At the end of the day, as a viewer you're forced to become the witness of a complicated family affair, and a bit of a voyeur too. That said, "The Little Princess" does have film quality, and the fact that Eva chose to give it a sort of fairy-tale air is perhaps the most disturbing thing (even though it probably makes the film easier to watch). And to exorcize her past, she used a camera...and made a 12 years old actress play her own role.

She really is her mother's daughter!

ETA: The film made me think of those awful beauty pageant things in the U.S, and to abusive parents in sport, but it also made me ponder the use of children in arts, especially photography and cinema. Nudity and sexuality aside, is it acceptable to ask kids to do certain things, to pretend stuff in front of a camera and thus convey  a certain image on which they have little control? And there's the impact of celebrity on children. How many kid stars have ended messed up? Shirley Temple didn't seem to be hurt back in the time, but more recently there's the case of Drew Barrymore and many others.
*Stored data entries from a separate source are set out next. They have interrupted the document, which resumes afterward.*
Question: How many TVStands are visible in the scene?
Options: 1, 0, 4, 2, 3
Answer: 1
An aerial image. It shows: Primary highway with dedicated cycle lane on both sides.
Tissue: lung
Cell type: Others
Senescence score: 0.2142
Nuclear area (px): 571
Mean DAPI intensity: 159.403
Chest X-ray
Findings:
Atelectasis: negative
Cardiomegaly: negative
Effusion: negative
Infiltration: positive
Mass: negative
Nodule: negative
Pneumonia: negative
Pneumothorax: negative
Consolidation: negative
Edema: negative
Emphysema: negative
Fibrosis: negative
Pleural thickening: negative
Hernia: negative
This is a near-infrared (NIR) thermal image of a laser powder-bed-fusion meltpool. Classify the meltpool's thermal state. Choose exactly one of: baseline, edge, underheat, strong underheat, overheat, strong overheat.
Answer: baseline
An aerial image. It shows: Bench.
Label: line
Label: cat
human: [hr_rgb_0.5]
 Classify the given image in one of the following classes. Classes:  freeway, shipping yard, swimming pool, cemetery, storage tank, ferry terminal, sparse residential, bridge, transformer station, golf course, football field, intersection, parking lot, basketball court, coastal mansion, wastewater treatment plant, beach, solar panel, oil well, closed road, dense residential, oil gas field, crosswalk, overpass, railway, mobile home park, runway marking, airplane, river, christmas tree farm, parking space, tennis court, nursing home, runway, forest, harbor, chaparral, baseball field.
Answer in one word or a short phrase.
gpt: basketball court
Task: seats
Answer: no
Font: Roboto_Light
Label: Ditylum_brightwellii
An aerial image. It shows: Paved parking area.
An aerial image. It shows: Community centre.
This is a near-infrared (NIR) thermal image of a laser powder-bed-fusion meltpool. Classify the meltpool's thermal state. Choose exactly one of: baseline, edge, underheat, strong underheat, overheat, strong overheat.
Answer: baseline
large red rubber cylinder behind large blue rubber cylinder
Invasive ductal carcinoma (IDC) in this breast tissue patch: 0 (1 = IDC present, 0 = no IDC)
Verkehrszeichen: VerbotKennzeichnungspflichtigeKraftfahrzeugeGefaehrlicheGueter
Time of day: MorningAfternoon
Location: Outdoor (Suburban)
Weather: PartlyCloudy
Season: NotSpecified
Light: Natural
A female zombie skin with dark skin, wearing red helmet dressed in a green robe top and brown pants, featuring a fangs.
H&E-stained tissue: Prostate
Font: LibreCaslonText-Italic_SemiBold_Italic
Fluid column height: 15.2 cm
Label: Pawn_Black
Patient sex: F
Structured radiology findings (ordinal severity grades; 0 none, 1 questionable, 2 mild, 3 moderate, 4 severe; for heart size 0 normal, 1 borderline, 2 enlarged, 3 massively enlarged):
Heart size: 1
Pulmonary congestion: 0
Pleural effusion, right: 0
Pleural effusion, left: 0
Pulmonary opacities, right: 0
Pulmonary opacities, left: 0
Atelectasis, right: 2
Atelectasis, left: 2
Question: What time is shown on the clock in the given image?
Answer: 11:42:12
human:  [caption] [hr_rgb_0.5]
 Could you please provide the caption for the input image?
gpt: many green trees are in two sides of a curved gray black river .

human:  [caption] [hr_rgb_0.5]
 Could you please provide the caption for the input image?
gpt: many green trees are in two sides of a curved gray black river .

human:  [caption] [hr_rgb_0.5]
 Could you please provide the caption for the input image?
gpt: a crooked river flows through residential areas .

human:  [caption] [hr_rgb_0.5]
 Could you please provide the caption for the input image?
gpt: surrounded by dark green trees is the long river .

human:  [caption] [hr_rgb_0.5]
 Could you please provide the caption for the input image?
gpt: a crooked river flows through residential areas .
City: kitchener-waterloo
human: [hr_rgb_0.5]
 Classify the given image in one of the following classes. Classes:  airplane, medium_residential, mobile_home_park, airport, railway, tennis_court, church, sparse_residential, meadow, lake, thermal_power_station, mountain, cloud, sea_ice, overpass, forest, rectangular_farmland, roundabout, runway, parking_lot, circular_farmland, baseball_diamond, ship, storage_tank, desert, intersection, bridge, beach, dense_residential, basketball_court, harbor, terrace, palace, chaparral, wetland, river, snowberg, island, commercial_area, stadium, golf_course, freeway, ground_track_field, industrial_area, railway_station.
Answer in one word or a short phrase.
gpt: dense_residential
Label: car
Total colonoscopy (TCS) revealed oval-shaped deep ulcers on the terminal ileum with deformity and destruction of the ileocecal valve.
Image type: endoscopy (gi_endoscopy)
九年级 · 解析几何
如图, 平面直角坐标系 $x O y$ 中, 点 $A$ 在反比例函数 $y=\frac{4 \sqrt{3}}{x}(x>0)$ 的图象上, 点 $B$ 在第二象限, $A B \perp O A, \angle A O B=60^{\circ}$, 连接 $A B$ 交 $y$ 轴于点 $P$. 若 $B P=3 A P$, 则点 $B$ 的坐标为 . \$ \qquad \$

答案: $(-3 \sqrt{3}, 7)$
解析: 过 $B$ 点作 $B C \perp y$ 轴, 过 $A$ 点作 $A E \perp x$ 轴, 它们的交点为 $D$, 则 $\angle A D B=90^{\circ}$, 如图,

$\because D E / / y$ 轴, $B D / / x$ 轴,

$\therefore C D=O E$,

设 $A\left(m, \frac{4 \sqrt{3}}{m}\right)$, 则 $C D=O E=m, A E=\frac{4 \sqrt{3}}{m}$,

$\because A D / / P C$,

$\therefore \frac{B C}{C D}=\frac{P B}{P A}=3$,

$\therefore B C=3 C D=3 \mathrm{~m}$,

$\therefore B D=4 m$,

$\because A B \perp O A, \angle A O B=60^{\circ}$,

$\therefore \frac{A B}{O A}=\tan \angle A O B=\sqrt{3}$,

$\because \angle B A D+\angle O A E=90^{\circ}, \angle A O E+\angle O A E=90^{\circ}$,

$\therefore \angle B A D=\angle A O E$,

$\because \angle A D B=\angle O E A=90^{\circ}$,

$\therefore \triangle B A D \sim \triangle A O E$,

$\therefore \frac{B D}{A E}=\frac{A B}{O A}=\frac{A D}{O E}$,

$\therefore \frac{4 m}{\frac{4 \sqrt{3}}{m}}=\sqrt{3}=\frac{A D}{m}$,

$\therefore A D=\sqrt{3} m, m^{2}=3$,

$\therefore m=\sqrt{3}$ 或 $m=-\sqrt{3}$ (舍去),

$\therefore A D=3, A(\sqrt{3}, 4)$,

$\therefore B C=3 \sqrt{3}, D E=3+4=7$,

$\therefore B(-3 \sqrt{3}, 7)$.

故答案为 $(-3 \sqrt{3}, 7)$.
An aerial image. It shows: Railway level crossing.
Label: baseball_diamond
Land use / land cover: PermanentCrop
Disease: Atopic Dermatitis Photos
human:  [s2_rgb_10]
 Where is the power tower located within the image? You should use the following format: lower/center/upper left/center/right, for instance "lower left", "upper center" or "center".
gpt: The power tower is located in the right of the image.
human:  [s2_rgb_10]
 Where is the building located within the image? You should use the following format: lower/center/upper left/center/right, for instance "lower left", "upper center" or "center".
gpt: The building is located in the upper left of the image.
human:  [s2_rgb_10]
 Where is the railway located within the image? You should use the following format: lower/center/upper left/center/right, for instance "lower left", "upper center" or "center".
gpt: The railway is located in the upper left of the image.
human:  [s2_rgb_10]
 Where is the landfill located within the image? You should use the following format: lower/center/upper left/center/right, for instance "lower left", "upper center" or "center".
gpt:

In the film, Violetta doesn't mind the shooting sessions -- she is unwilling to show her crotch at first but only "because she doesn't have hair and they will see that she is little"(an interesting line that points that that for her she's supposed to look like an adult on the pictures) until she realises the consequences of her pictures being spread around, until her "difference" makes her being bullied by her classmates, until the words "whore" or "incestuous" come back to her ears, until she becomes aware of the fact that people like the pictures precisely because she's a child and they see she is little. Then she begins to hate the shooting and her mother, she refuses to undress and she starts feeling damaged and sorta violated.